**BRIEF:** Skip pictures in the listing below; copy exactly the lines from the one with "Verkehrszeichen: VerbotKraftraeder" through the one with "Findings: Atelectasis", inclusive.

== PROVIDED DATA

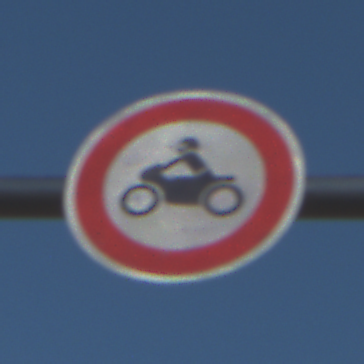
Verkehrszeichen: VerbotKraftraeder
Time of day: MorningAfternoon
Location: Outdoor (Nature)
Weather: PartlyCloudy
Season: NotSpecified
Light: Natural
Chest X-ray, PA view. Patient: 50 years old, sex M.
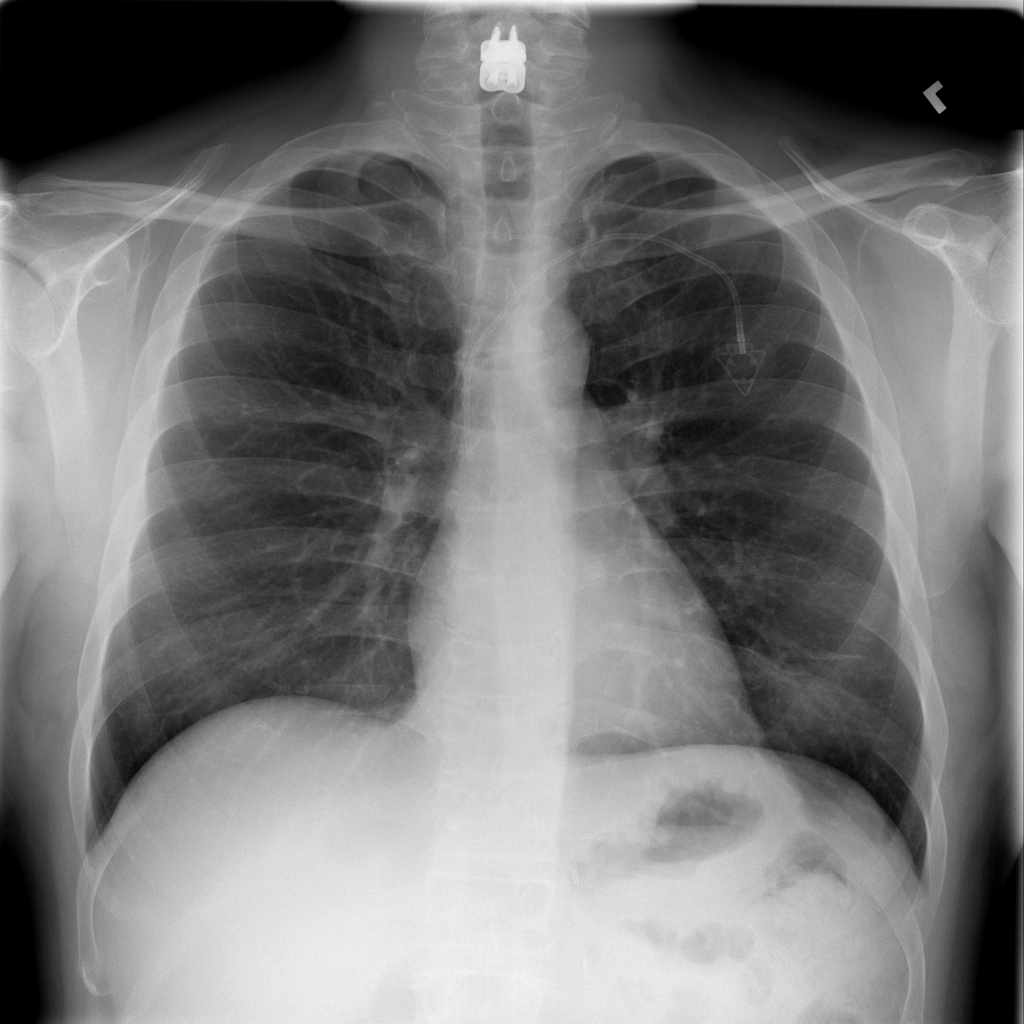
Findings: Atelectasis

====
== PROVIDED DATA

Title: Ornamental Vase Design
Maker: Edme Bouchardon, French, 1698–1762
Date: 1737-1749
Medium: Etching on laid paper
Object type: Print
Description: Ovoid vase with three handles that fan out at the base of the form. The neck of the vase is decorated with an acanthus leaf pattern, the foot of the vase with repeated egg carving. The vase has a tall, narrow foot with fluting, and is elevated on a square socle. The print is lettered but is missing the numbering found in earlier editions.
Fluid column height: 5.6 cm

====

**RESPONSE FOR THIS EXERCISE:**
Verkehrszeichen: VerbotKraftraeder
Time of day: MorningAfternoon
Location: Outdoor (Nature)
Weather: PartlyCloudy
Season: NotSpecified
Light: Natural
Chest X-ray, PA view. Patient: 50 years old, sex M.
Findings: Atelectasis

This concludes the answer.